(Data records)
* * *
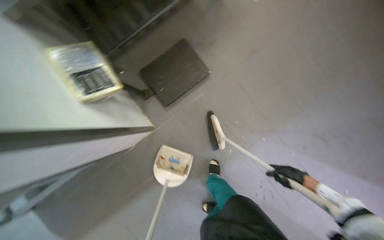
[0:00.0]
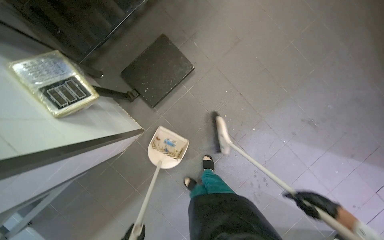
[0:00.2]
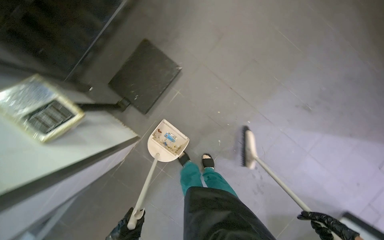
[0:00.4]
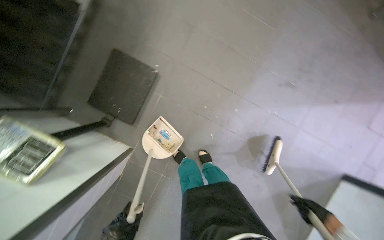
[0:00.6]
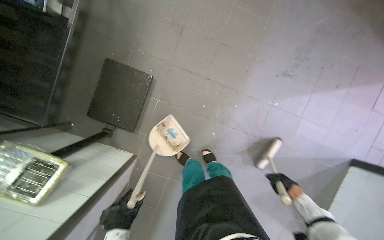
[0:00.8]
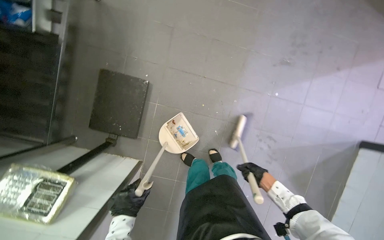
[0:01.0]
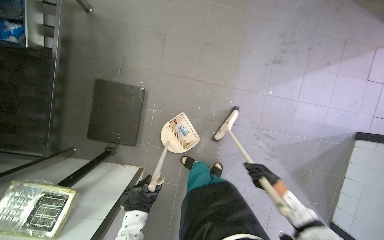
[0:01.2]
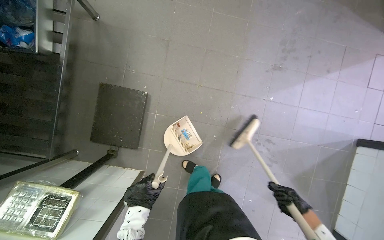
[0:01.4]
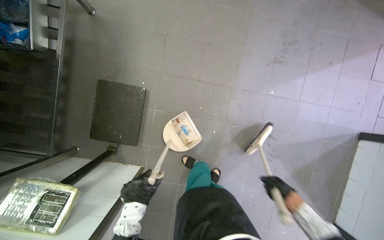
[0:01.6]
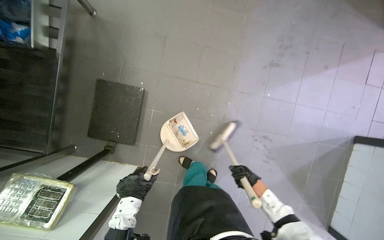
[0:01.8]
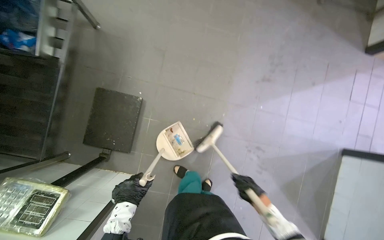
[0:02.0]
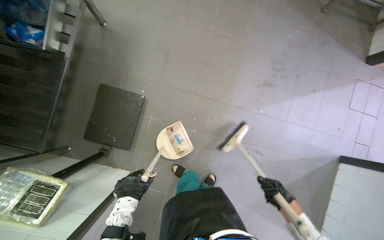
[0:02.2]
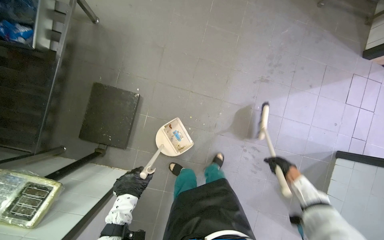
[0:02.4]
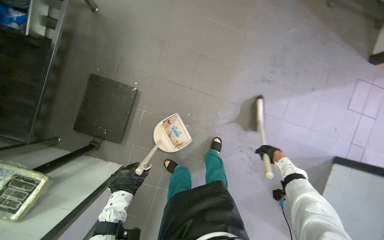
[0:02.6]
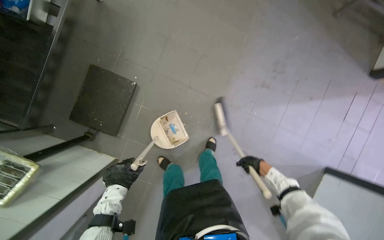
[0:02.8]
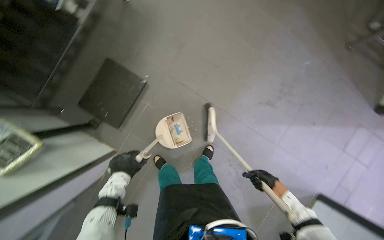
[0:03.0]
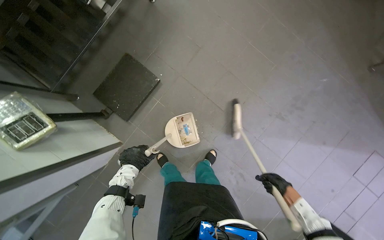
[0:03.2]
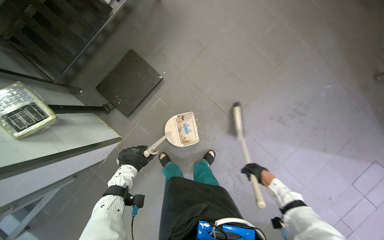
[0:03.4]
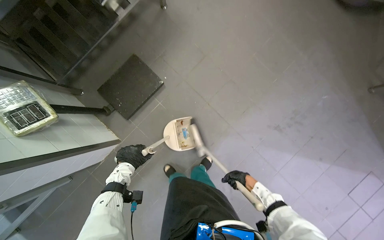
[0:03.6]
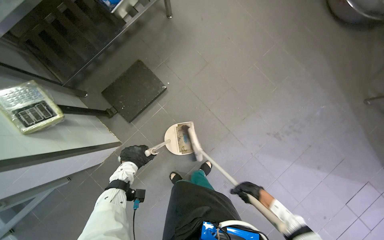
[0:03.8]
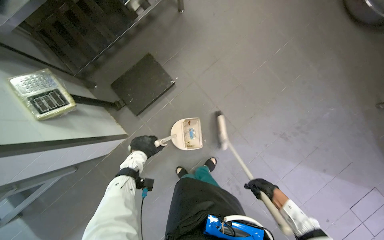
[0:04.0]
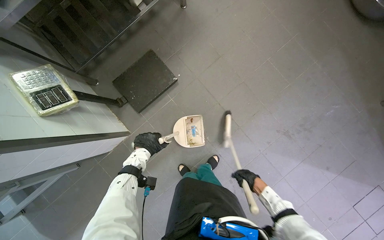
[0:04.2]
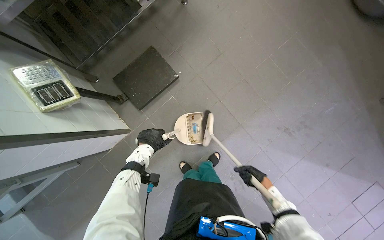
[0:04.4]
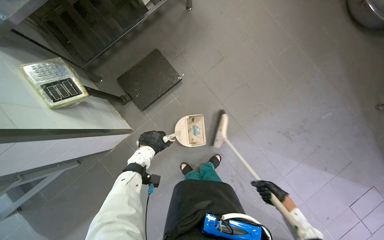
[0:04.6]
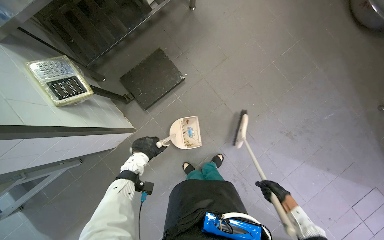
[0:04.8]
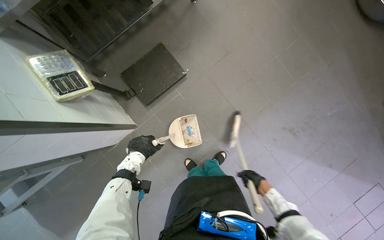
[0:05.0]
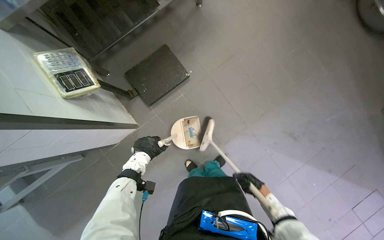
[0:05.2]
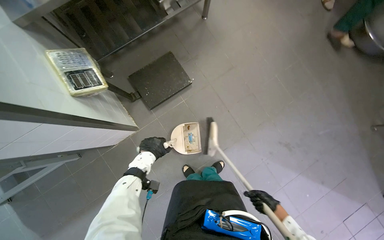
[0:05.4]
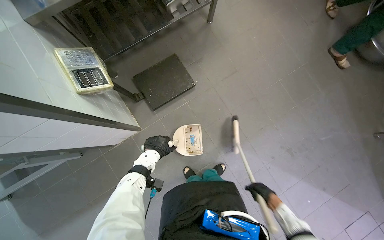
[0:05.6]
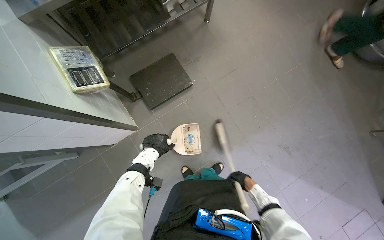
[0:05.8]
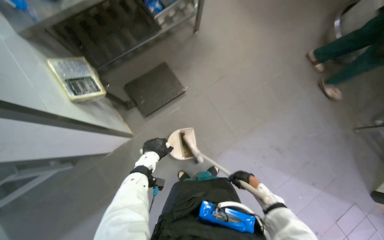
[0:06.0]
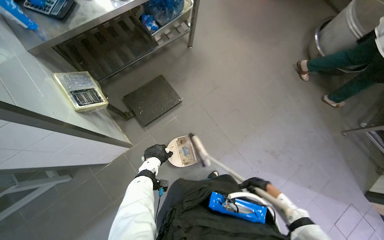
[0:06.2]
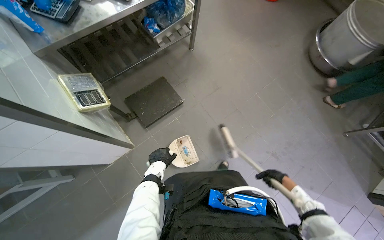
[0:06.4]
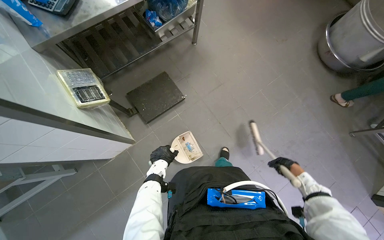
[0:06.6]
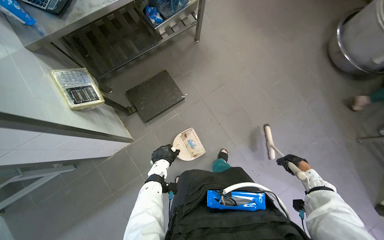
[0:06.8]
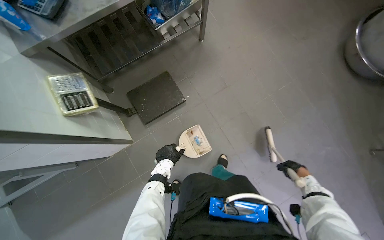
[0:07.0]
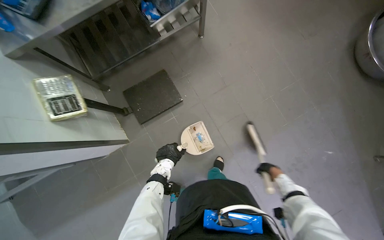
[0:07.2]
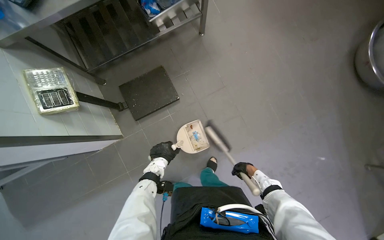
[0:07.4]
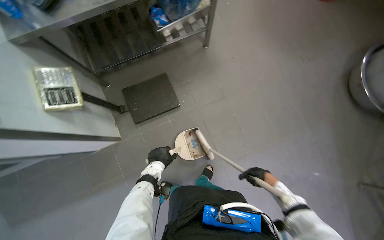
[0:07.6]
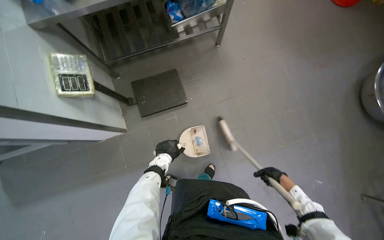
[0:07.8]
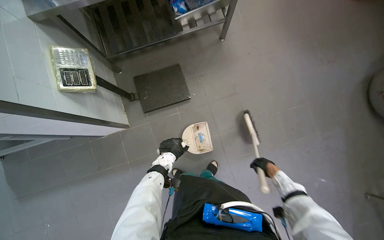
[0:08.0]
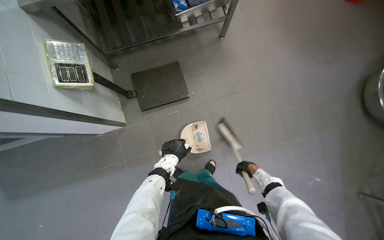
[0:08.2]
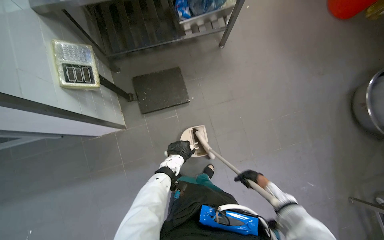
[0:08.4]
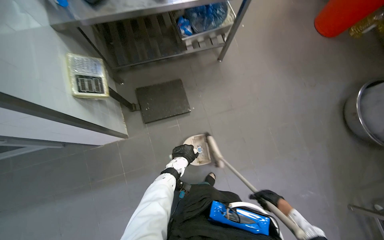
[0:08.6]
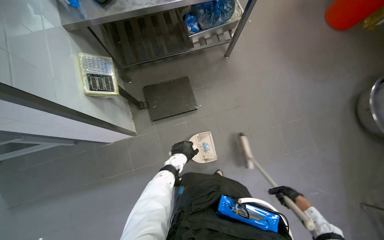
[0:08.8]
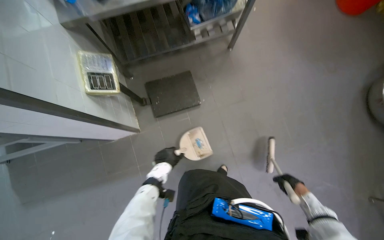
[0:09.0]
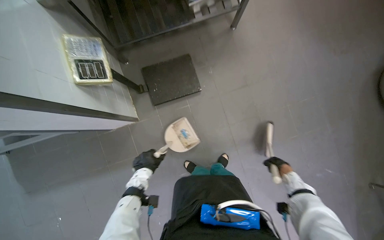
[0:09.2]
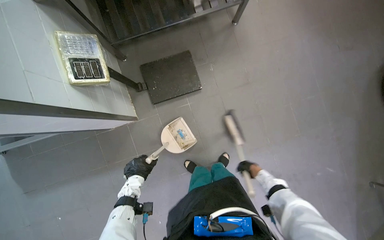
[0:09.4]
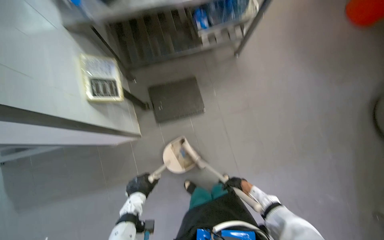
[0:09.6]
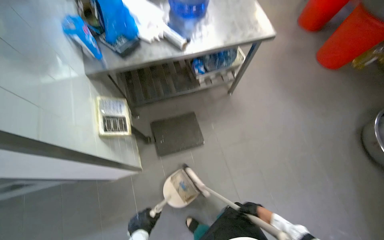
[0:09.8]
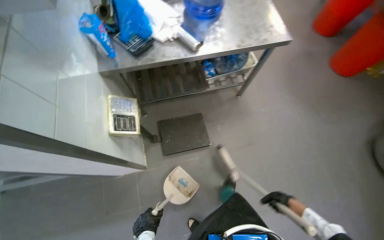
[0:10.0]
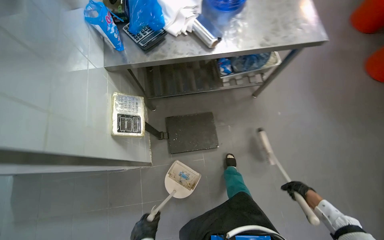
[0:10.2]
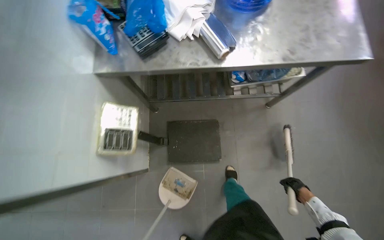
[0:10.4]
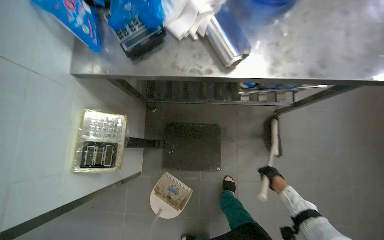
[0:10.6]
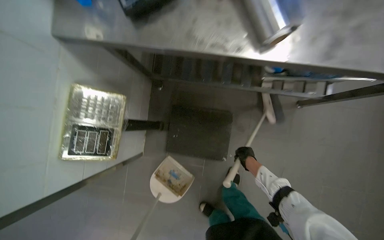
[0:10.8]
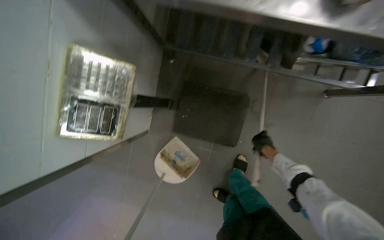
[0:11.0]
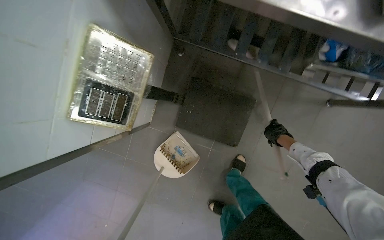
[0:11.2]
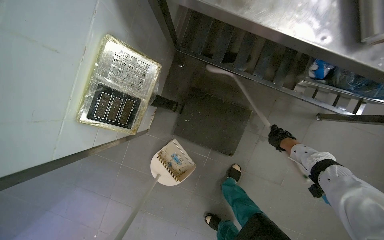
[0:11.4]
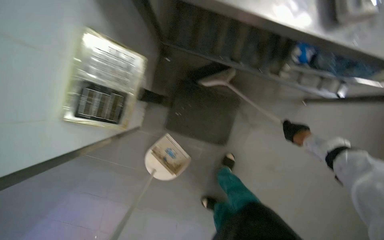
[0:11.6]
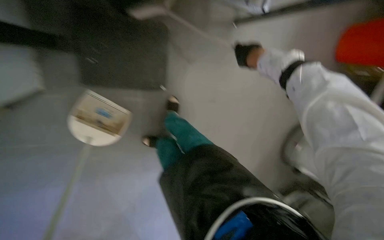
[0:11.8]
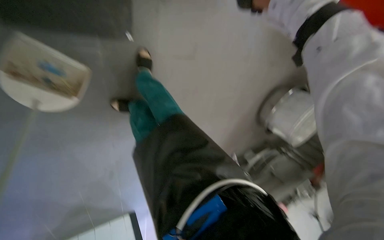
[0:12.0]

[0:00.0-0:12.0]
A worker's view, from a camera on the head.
Job: sweeping floor.
The whole recording: Sweeping kitchen floor. The worker sweeps the kitchen floor with a broom and dustpan, moving chairs to clean underneath them.
0:00.0 to 0:01.6: The scene turns some 40 degrees counterclockwise in the picture.
0:01.6 to 0:03.0: The right hand heads up the picture, covering roughly 20 cm.
0:03.0 to 0:04.4: The right hand travels farther from the camera by approximately 10 cm.
0:04.4 to 0:06.0: The right hand moves to the left, some 10 cm.
0:06.0 to 0:07.6: The right hand travels to the right and back again, some 25 cm each way.
0:07.6 to 0:09.0: The right hand travels farther from the camera and back again, some 15 cm each way.
0:09.0 to 0:10.4: The right hand goes to the left and returns, some 20 cm each way.
0:10.4 to 0:12.0: The head travels approximately 40 cm. The view swings about 30 degrees to the right. The view tilts some 40 degrees downward.
* * *
**Problem:** Give the lines exactly, from the first line of the entries to the line with "[0:00.0-0:12.0]", both ends included. Skip the pictures.

**Response to the exercise:**
[0:00.0]
[0:00.2]
[0:00.4]
[0:00.6]
[0:00.8]
[0:01.0]
[0:01.2]
[0:01.4]
[0:01.6]
[0:01.8]
[0:02.0]
[0:02.2]
[0:02.4]
[0:02.6]
[0:02.8]
[0:03.0]
[0:03.2]
[0:03.4]
[0:03.6]
[0:03.8]
[0:04.0]
[0:04.2]
[0:04.4]
[0:04.6]
[0:04.8]
[0:05.0]
[0:05.2]
[0:05.4]
[0:05.6]
[0:05.8]
[0:06.0]
[0:06.2]
[0:06.4]
[0:06.6]
[0:06.8]
[0:07.0]
[0:07.2]
[0:07.4]
[0:07.6]
[0:07.8]
[0:08.0]
[0:08.2]
[0:08.4]
[0:08.6]
[0:08.8]
[0:09.0]
[0:09.2]
[0:09.4]
[0:09.6]
[0:09.8]
[0:10.0]
[0:10.2]
[0:10.4]
[0:10.6]
[0:10.8]
[0:11.0]
[0:11.2]
[0:11.4]
[0:11.6]
[0:11.8]
[0:12.0]

[0:00.0-0:12.0]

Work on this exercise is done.